Internado
desde o dia 14/11 no Hospital Albert Einstein, em
São Paulo (SP), o mais célebre indigenista
do Brasil, conhecido como o "Pai do Xingu",
faleceu nesta quinta-feira de falência múltipla
dos órgãos. O enterro será
realizado amanhã, às 14 horas, no
Cemitério do Morumbi.
Orlando Villas Bôas morreu
aos 88 anos, tendo vivido mais de três décadas
na região que hoje abriga o Parque Indígena
do Xingu (MT), dos quais é um dos idealizadores.

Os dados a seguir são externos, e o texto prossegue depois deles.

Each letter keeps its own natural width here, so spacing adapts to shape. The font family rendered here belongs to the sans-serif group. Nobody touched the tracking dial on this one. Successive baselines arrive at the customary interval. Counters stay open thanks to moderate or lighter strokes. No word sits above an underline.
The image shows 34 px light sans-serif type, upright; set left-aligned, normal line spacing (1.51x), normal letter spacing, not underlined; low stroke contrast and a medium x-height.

Em 1999, o Instituto Socioambiental (ISA) apresentou
ao indigenista os resultados do Diagnóstico
Socioambiental dos Formadores da Bacia do Rio Xingu.

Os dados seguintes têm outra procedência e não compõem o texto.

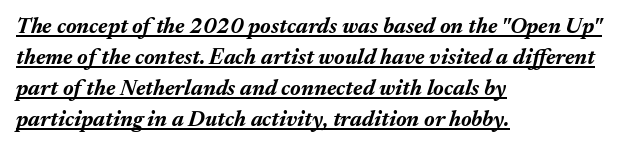
Q: Is the text bold? A: Yes.
Q: Is the text italic (slanted)? A: Yes, it leans right by about 17 degrees.
Q: Is the text underlined? A: Yes.
Q: How is the paragraph aligned? A: Left-aligned.
Q: Is the spacing between letters normal or unusually wide? A: Normal.
Q: Is the spacing between lines tight, normal or loose? A: Normal.
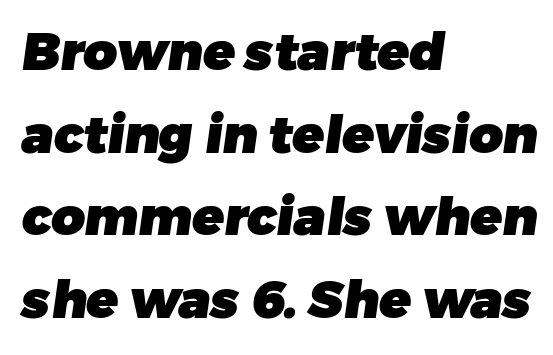
{"serif": "no", "bold": "yes", "weight": "heavy", "width": "normal", "stroke_contrast": "low", "x_height": "medium", "monospaced": "no", "underline": "no", "align": "left", "line_spacing": "normal", "line_spacing_ratio": 1.59, "letter_spacing": "normal", "letter_spacing_em": 0.0, "glyph_px": 52}

O sertanista se mostrou perplexo e bastante preocupado
com os resultados do estudo que demonstram que,
devido à ocupação indevida
do entorno, com o estabelecimento de atividades
agropecuárias e o cultivo de soja, entre
outros impactos socioambientais, o parque se tornará
insustentável a longo prazo. Em entrevista
à Agência Estado, Márcio Santilli,
integrante do Conselho Diretor do ISA, comenta:
"em relação ao Orlando, nós
do ISA já levamos à frente seu compromisso
de preservar o Parque Indígena do Xingu,
uma de suas heranças para as futuras gerações
deste país".
Do interior de SP ao Xingu
Nascido em Santa Cruz do Rio Pardo
(SP), Orlando passa a viver em meados da década
de 20 na capital do Estado. Com a morte dos pais
em 1941, busca uma oportunidade para voltar ao interior.

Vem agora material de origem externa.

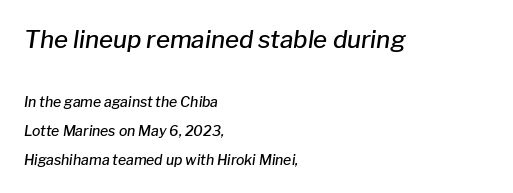
{"italic": "yes", "lean": "right", "slant_degrees": 8, "bold": "semi", "underline": "no", "align": "left", "line_spacing": "loose", "line_spacing_ratio": 2.07, "letter_spacing": "normal", "letter_spacing_em": 0.0, "larger_block": "first", "size_ratio": 1.71, "glyph_px": 24}

Em junho de 1943, o ministro João Alberto
Luís de Barros, da extinta pasta de Coordenação
e Mobilização Econômica, anuncia:
"no próximo 15 de julho partirá
uma grande expedição para a Serra
do Roncador, rumo às cabeceiras do Xingu,
abrindo, pelo interior, o caminho que ligará
a Amazônia ao resto do país".
O projeto integrou a Marcha para o Oeste, parte
do programa de governo do então presidente
Getúlio Vargas, que priorizou a interiorização
do Brasil, que à época abrigava uma
população conhecida de 43 milhões
de habitantes, a maior parte vivendo na faixa litorânea.
Com percurso definido entre Leopoldina (GO) e Manaus
(AM), percorrendo mais de 3 mil quilômetros
do Centro-Oeste brasileiro, a expedição
tinha como principal objetivo construir campos de
pouso, abrir estradas e denifir pontos de colonização.
Desmotivados com o dia-a-dia em São Paulo,
os irmãos Claúdio, Leonardo e Orlando
animam-se com o projeto, tentam integrá-lo,
mas são rejeitados, pois considerava-se que,
como "homens da cidade", não se
adaptariam à vida no mato. Procuravam-se
analfabetos, sertanejos. Inconformados, seguem para
o Mato Grosso, mudam a aparência e conseguem
se juntar à expedição. Iniciam
a participação com trabalhos braçais
e após serem "descobertos" assumem
tarefas administrativas, papel de destaque na "pacificação"
dos índios e a liderança da expedição
a partir de 1949, durante o governo de Eurico Gaspar
Dutra.
Estabelecem contatos amistosos com mais de cinco
mil índios, de 14 etnias. Os povos do Xingu
representam para os Villas Bôas "índios
de cultura pura", que deveriam ser preservados
das frentes de expansão econômica que
estavam sendo inauguradas na região. Neste
sentido, iniciam no começo da década
de 50, com o apoio de Marechal Rondon, do sanitarista
Noel Nutels e do antropólogo Darcy Ribeiro,
entre outros, e forte oposição do
governo e dos fazendeiros de Mato Grosso, uma campanha
para a demarcação das terras indígenas
locais. Quase dez anos depois, em 1961, o trabalho
resulta na criação do Parque Nacional
do Xingu, posteriormente chamado Parque Indígena
do Xingu, por meio de um decreto assinado pelo presidente
Jânio Quadros.
"De todos os contatos, acho que o único
bem que fizemos para os índios do Xingu foi
fechá-los dentro de uma determinada área,
não permitindo que ali se repetisse o que
aconteceu com todos os índios do Brasil",
afirmou Orlando em uma entrevista à imprensa.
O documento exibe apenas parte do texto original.